Jacket potatoes with emmental, bacon, and vegetables in sweet chilli sauce

Before everything that has happened to me happened, I thought that medical care was fairly straightforward. You go to see a doctor, they review your symptoms and maybe do a few tests, then they tell you what’s wrong and how they’re going to treat it.

Of course there are things like cancer, where treatment is long and arduous and, tragically, not always successful.

Then there are things like my late father’s COPD, where there is no good treatment and doctors run clinical trials where some patients (again like my father) participate, knowing it will probably never help them directly but may aid some future stranger.

It was simple, though.

I never realised that you could tell a doctor your symptoms and they wouldn’t believe you: that they would tell you that you were mistaken, or exaggerating, or flat out lying. I certainly never realised that this happened often enough that it’s a running joke in the chronic illness community.

I never realised you could speak to four different doctors and have each of them tell you, with equal confidence, that the other doctors were idiots and their diagnosis was the correct one. And that they would be just as wrong as the others.

I never realised that sometimes the treatment comes before the diagnosis: that doctors will start medication to see how it affects your symptoms. If your condition doesn’t respond to the treatment in the expected way, it’s another diagnostic tool.

I never realised how much I would come to appreciate blunt honesty from a medical professional. If you don’t know, or if you’re guessing, please tell me that. Don’t lie, even if you think you’re doing it to keep my spirits up: I’ve had enough doctors tell me that there’s nothing wrong that I don’t appreciate any minimising of my symptoms.
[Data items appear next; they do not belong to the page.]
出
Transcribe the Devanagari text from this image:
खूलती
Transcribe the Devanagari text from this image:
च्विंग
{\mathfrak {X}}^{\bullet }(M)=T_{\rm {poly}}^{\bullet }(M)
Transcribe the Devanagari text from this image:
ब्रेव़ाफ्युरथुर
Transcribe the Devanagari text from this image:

And I never expected that the crunch of an apple would remain one of my favourite things in the world, over a year after leaving hospital where the food, while generally excellent in flavour, was 50 shades of soft.
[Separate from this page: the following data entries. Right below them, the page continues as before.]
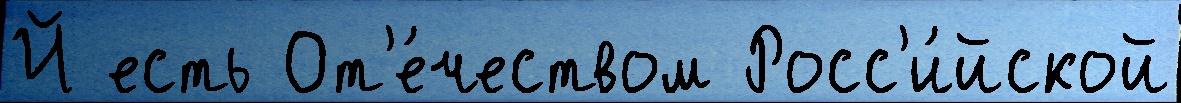
Й есть От'е́чеством Росс'и́йской
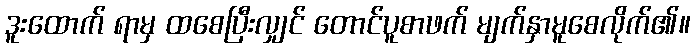
ဒူးထောက် ရာမှ ထစေပြီးလျှင် တောင်ပူစာဖက် မျက်နှာမူစေလိုက်၏။
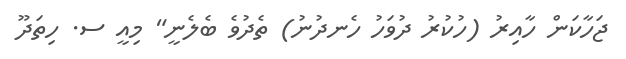
ޖަހާކަން ހާއިރު (ހުކުރު ދުވަހު ހެނދުނު) ތެދުވެ ބެލެނީ" މިއީ ސ. ހިތަދޫ

Medical musings aside, today has been another nothing sort of day.

I woke up very late, my body finally deciding it couldn’t delay catching up on sleep any longer. Mum was still in bed, feeling very unwell, with a headache that lasted for most of the day.

With nothing much on television, my laptop once again came to the rescue, with the coverage of the figure skating world championships proving more engrossing to mum than I expected. I haven’t watched figure skating in some time, but the basics soon came back to me, such as: if the skater is sitting on the ice, something has gone wrong. For some reason, there was a lot going wrong today, with many skaters having an unscheduled sit down mid routine.

Dinner was a “what does mum like?” special. Mum enjoyed it, which is good as she hasn’t had much fun otherwise today.

Now it’s The Masked Singer, with mum’s favourite presenter Ben Shepherd hiding somewhere under a ver impressive makeup job.